Which of the following sets are compact?
$1.\{({1\over n},{1\over m})\in \mathbb R^2:m,n\in \mathbb Z\}\bigcup \{(0,0)\}\bigcup \{({1\over n},0):n\in \mathbb Z\}\bigcup \{(0,{1\over n}): n\in \mathbb Z\}$
$2.\{(x,y,z)\in \mathbb R^3: |x|+|2y|+|3z|\le 1\}$
$3.\{(x,y,z)\in \mathbb R^3:x^2+2y^2-3z^2=1\}$
$4.\{(x_1,x_2,....,x_n)\in \mathbb R^n:x_1+x_2+x_3+.....+x_n=0\}$
Option $4$ is clearly unbounded so not compact.
For option $3$, $x^2+2y^2=1+3z^2$ so the set , is unbounded for arbitrarily large values of $z$ will take up arbitrarily large values of $x$ and $y$ so unbounded.
Option $2$ is bounded since the equation is basically sum of three positive numbers less than $1$.How do I show that it is closed as well?
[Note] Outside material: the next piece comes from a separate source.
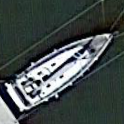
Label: civil
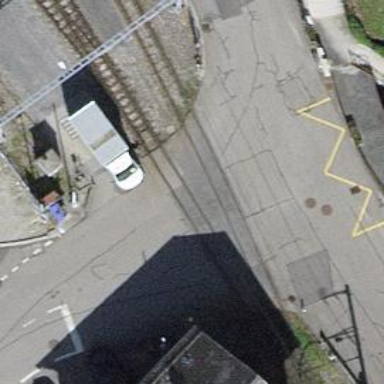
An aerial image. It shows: Railway level crossing.

For Option $1$,the set is bounded and I can see the set $ \{(0,0)\}\bigcup \{({1\over n},0):n\in \mathbb Z\}\bigcup \{(0,{1\over n}): n\in \mathbb Z\}$ is closed itself and is a set of limit points of the set $\{({1\over n},{1\over m})\in \mathbb R^2:m,n\in \mathbb Z\}$. Now if only I could show that those are the only limit points the set $\{({1\over n},{1\over m})\in \mathbb R^2:m,n\in \mathbb Z\}$ can have then I would be sure that it was compact. How do I prove that? Thank you.